● **Available records**
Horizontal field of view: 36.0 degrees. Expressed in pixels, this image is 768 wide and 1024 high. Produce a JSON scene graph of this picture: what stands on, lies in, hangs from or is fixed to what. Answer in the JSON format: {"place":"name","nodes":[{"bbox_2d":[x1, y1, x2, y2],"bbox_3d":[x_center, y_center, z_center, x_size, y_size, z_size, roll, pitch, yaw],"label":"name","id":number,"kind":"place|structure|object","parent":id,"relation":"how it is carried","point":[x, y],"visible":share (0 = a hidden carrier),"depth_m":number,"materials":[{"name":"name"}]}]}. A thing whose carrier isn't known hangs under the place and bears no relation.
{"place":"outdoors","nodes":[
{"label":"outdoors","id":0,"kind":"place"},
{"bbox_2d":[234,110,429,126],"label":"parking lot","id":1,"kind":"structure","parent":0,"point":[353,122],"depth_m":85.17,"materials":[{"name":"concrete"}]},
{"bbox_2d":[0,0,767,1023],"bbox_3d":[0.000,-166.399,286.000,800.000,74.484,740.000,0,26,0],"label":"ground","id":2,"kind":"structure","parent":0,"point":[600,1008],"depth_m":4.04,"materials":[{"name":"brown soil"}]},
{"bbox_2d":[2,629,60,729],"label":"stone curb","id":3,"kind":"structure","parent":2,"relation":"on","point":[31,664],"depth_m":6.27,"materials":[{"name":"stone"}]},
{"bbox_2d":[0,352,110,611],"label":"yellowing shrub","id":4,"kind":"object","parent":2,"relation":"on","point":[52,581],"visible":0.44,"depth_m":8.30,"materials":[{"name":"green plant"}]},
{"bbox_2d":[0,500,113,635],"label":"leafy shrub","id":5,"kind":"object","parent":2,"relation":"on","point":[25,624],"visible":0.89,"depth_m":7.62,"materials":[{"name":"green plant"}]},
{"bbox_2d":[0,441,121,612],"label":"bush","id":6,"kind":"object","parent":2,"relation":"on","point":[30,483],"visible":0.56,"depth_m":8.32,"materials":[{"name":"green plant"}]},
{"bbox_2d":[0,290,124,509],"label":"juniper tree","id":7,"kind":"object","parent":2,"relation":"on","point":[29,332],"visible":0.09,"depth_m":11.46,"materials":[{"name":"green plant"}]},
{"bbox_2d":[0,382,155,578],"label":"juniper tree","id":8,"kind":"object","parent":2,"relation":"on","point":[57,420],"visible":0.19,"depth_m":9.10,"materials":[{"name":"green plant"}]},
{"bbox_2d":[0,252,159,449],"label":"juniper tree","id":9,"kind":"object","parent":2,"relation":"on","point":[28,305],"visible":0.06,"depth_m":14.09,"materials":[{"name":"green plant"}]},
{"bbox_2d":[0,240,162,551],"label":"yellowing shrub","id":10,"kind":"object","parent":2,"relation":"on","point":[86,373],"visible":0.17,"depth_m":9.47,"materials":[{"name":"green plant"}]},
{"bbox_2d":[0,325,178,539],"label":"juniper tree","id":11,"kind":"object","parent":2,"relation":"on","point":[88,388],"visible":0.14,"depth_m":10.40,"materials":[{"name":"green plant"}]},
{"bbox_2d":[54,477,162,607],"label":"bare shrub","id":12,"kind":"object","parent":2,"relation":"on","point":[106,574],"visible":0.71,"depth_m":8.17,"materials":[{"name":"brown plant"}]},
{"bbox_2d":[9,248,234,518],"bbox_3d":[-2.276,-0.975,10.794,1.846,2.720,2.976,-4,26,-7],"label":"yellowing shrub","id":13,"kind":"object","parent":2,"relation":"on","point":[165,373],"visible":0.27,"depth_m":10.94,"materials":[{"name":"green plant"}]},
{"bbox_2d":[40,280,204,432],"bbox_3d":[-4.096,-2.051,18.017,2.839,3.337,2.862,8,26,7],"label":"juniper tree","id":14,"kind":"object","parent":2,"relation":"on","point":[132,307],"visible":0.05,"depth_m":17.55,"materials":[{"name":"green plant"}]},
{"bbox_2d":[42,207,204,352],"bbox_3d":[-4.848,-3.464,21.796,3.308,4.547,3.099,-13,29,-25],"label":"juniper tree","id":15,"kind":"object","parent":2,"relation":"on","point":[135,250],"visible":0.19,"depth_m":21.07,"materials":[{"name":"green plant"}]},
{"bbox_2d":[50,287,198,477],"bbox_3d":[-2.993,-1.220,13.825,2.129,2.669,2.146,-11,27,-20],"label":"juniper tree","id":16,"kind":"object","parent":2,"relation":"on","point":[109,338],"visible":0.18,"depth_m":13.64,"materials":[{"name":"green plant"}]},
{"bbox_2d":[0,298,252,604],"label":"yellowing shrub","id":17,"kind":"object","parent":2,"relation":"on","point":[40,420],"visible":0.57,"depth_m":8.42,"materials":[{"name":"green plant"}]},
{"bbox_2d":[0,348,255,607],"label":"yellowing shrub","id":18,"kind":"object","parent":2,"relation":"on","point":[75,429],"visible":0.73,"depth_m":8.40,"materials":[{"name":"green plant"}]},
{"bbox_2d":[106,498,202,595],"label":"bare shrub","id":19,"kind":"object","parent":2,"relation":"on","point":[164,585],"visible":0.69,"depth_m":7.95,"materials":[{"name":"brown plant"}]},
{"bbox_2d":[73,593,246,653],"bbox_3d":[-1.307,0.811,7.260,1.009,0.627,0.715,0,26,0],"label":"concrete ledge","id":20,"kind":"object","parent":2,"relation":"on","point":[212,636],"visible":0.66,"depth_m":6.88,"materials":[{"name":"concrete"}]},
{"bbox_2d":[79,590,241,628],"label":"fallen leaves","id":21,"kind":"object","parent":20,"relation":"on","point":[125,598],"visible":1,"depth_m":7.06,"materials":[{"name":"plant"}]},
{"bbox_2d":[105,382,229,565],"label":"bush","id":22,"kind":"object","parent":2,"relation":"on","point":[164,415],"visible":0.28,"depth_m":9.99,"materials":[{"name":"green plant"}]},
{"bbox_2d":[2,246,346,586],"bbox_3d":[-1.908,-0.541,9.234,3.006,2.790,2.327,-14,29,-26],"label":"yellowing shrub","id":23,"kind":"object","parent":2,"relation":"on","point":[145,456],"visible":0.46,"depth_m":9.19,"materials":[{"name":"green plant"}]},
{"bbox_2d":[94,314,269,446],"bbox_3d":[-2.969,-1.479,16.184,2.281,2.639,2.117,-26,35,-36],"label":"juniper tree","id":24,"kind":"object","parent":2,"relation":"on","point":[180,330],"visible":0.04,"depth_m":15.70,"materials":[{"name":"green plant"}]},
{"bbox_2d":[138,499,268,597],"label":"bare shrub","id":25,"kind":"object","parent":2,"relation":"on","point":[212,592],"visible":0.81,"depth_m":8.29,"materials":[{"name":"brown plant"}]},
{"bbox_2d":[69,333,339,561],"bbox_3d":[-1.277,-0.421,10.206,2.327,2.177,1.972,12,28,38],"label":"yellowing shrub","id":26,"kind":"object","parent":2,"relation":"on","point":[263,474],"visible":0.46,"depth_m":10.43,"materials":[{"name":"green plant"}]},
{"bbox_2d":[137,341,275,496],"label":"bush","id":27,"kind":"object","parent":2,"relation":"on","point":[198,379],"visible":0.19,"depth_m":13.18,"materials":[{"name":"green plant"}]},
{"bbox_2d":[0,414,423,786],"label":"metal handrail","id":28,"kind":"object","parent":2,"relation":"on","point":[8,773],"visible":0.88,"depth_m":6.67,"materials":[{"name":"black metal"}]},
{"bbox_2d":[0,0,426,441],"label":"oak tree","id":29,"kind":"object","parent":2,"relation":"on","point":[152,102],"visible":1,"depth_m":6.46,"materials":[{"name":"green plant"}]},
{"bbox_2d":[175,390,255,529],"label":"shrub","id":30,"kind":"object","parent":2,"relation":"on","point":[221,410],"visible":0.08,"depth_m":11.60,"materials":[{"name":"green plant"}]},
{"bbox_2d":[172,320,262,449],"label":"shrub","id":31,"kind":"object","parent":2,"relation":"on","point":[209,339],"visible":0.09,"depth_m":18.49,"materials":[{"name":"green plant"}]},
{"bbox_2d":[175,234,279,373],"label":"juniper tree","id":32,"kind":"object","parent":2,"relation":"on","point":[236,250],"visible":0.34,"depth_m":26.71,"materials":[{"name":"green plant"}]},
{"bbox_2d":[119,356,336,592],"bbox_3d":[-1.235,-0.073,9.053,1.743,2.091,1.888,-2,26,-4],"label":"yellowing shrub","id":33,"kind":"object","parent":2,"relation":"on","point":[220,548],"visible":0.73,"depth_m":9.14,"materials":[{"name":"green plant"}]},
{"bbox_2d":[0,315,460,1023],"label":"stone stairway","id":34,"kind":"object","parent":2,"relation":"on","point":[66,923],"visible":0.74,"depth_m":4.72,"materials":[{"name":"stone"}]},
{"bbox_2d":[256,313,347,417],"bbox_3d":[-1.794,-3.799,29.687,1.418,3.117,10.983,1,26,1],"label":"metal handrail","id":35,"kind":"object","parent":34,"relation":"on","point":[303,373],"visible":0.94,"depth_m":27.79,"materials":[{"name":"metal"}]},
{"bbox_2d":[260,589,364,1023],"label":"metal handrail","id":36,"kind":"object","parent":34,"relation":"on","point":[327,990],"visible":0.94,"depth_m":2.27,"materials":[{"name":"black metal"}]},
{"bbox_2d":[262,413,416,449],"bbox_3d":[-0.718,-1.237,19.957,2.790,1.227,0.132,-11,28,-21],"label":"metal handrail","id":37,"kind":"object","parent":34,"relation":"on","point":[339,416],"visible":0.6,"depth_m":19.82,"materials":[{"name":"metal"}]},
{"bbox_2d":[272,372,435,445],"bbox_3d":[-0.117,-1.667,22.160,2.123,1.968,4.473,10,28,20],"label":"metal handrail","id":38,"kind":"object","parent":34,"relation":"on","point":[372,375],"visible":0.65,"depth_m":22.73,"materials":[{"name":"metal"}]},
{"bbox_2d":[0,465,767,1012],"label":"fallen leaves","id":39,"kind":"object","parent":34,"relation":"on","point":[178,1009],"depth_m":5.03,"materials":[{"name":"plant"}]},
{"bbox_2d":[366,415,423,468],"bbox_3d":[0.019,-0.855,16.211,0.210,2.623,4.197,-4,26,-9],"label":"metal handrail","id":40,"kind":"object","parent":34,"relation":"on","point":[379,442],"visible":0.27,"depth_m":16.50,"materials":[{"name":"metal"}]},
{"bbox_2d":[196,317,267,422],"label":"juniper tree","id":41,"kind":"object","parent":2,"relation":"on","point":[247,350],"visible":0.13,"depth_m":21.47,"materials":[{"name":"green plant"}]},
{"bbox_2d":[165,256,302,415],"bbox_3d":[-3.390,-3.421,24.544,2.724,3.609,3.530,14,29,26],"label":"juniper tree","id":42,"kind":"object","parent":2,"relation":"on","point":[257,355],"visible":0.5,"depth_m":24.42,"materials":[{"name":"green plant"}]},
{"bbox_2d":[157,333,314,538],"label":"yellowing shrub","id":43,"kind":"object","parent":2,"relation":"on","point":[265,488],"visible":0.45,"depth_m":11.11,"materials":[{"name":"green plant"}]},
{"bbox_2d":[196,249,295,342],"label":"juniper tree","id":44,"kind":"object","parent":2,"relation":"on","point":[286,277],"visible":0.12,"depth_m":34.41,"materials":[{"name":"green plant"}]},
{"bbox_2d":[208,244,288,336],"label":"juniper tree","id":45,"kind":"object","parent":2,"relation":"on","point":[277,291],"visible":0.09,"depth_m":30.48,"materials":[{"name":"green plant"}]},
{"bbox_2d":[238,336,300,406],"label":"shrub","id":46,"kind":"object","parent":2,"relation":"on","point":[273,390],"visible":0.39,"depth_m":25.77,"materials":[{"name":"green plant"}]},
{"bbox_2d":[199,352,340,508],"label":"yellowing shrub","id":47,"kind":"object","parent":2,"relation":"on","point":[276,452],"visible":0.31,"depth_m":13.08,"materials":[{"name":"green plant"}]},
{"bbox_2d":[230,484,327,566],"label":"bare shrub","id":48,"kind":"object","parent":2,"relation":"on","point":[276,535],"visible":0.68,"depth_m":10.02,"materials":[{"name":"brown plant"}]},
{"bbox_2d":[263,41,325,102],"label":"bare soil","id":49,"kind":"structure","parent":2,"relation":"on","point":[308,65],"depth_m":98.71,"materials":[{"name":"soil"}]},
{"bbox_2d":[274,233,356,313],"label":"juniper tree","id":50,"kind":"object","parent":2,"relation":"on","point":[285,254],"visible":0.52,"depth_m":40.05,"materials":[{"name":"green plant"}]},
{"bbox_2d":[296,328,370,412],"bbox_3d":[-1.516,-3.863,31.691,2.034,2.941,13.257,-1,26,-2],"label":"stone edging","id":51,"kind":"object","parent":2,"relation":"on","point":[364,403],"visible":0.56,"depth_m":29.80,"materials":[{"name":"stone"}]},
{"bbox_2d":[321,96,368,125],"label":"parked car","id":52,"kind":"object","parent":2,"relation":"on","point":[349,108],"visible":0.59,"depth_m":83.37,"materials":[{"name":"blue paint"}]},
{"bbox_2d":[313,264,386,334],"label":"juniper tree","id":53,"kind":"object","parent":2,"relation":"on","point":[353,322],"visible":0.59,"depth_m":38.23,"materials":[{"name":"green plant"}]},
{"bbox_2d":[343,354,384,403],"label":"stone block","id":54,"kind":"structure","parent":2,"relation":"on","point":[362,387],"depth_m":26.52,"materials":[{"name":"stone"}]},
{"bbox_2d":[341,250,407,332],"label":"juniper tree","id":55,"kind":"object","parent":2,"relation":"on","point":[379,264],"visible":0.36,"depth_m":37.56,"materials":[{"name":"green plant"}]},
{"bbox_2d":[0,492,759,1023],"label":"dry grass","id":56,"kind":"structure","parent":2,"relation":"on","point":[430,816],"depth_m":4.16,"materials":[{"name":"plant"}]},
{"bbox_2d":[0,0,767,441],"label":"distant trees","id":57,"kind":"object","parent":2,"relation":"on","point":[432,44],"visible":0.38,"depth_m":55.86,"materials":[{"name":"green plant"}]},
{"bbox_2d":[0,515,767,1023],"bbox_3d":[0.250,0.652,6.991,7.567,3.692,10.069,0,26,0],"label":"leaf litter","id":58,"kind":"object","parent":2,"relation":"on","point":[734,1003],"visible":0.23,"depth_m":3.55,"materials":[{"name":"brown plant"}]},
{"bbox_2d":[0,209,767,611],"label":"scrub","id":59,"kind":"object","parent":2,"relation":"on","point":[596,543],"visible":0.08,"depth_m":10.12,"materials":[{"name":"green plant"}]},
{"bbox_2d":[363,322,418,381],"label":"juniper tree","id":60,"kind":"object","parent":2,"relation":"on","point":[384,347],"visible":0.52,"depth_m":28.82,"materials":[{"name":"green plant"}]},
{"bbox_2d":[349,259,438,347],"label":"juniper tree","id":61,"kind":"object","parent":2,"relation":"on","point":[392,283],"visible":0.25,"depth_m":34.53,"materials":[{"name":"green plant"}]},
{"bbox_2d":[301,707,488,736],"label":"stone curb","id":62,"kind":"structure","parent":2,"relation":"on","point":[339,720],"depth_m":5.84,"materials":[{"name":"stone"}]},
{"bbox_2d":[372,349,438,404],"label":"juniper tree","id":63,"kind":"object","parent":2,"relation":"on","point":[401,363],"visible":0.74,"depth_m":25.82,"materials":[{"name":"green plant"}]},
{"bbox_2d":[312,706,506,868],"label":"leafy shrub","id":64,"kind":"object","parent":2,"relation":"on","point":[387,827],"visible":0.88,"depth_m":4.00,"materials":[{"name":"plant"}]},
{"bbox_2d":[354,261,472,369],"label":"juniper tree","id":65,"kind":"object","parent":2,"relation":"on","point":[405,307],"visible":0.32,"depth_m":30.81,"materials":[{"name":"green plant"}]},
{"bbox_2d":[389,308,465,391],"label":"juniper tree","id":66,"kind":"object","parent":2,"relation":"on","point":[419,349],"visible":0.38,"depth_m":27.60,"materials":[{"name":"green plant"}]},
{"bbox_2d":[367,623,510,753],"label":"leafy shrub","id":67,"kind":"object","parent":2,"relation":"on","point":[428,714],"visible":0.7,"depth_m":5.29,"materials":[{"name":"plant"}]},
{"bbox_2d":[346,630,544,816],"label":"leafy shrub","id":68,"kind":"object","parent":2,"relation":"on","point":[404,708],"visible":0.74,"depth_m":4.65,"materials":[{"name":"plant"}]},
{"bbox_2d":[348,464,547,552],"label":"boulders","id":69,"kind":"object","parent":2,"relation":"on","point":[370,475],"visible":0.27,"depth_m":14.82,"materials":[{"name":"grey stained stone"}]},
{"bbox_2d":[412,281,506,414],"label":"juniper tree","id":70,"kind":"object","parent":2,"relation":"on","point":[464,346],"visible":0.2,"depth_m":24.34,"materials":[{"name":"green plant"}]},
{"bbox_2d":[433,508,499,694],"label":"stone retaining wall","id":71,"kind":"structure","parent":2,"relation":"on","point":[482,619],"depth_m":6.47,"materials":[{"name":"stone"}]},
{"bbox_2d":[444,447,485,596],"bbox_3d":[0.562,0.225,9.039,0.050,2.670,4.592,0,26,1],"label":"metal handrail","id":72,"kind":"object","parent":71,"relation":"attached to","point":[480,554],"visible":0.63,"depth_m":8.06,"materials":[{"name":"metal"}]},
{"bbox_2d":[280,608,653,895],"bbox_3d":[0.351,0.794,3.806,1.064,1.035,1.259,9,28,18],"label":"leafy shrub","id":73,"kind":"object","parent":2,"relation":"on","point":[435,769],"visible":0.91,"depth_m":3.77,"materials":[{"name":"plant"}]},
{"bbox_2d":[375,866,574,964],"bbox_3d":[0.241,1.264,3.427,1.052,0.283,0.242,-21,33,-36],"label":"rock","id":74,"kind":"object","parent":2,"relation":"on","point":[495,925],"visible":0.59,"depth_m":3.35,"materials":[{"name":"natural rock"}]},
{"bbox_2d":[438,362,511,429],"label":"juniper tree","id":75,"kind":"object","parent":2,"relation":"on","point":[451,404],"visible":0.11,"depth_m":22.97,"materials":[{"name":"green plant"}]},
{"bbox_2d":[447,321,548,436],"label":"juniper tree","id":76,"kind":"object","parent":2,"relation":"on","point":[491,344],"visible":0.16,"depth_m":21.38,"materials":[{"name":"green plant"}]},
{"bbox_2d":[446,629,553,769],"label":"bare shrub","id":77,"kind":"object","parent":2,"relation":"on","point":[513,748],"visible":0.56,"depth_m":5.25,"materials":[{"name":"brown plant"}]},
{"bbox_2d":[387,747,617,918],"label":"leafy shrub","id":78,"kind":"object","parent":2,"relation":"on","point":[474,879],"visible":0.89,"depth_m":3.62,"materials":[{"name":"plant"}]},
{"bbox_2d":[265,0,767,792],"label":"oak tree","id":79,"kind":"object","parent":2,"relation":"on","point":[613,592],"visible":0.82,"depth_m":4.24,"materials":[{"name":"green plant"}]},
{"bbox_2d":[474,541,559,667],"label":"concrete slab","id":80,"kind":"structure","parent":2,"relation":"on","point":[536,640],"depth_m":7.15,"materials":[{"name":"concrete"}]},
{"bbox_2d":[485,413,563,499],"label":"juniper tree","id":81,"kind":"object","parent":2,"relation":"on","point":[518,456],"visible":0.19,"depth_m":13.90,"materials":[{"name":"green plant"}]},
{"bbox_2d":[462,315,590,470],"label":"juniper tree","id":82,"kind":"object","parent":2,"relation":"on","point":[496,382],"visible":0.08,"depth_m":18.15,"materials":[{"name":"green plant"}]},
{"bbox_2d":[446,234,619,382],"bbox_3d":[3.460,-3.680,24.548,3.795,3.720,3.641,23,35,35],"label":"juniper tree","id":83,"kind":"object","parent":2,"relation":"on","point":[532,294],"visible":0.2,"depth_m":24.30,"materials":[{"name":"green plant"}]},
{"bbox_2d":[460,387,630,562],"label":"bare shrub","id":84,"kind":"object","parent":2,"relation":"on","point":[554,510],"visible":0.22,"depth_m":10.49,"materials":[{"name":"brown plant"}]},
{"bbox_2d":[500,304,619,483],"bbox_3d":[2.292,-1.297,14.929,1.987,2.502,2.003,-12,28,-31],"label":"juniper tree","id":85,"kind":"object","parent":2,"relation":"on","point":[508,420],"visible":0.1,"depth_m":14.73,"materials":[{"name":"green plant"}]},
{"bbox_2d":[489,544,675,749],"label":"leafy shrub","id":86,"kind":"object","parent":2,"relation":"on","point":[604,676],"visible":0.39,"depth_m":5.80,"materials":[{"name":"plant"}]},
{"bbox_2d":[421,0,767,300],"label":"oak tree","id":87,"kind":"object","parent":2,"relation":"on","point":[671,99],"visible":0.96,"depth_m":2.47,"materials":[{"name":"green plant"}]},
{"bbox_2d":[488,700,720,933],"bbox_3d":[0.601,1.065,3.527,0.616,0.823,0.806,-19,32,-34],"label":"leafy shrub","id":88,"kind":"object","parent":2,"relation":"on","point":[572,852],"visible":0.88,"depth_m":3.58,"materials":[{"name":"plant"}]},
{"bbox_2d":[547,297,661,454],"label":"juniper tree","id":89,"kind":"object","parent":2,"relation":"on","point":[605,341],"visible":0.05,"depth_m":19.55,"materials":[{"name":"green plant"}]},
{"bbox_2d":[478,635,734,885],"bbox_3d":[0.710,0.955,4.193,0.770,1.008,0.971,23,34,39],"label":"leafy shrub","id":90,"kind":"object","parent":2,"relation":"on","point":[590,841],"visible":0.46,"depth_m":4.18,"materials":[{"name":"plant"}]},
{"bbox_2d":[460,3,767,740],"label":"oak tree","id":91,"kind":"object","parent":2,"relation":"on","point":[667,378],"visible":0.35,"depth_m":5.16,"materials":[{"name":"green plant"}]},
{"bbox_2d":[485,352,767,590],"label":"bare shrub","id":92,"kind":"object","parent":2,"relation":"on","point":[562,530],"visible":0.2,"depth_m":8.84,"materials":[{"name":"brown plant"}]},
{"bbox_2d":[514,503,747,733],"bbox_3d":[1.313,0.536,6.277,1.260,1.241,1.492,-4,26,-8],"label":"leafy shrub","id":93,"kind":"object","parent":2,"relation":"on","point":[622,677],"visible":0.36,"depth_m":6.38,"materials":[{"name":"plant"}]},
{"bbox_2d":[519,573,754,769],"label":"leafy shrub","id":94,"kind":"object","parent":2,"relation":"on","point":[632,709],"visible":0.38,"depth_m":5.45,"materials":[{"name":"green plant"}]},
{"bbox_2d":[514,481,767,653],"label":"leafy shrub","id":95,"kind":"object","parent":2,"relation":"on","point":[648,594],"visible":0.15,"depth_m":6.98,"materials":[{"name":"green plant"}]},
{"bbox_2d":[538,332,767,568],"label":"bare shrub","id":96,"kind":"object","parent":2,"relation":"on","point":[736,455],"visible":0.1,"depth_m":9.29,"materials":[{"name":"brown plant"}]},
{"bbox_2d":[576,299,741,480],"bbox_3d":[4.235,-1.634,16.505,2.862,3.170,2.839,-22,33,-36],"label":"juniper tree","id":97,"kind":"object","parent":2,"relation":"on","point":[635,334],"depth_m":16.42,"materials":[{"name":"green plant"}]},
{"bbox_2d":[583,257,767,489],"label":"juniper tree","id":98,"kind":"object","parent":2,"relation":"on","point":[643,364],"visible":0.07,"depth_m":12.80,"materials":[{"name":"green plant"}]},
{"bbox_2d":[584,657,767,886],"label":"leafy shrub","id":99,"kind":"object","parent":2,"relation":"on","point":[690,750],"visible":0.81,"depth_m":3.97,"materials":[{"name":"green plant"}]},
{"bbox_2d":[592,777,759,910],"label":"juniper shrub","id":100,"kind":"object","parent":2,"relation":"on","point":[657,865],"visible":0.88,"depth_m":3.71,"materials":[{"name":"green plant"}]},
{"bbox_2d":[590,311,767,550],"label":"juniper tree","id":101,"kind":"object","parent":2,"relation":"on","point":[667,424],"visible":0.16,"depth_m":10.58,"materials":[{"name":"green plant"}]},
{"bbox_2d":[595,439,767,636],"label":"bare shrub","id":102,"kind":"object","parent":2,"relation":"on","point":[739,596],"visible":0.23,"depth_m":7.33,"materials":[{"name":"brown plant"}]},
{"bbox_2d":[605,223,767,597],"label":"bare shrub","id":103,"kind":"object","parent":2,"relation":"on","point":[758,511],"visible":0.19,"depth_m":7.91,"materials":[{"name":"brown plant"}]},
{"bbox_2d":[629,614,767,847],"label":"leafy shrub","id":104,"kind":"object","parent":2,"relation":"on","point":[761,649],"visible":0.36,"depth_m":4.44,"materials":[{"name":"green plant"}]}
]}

● **Problem to work on**
Whenever a line above includes the string "leaves", copy it.

● **Your solution**
{"bbox_2d":[79,590,241,628],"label":"fallen leaves","id":21,"kind":"object","parent":20,"relation":"on","point":[125,598],"visible":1,"depth_m":7.06,"materials":[{"name":"plant"}]},
{"bbox_2d":[0,465,767,1012],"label":"fallen leaves","id":39,"kind":"object","parent":34,"relation":"on","point":[178,1009],"depth_m":5.03,"materials":[{"name":"plant"}]},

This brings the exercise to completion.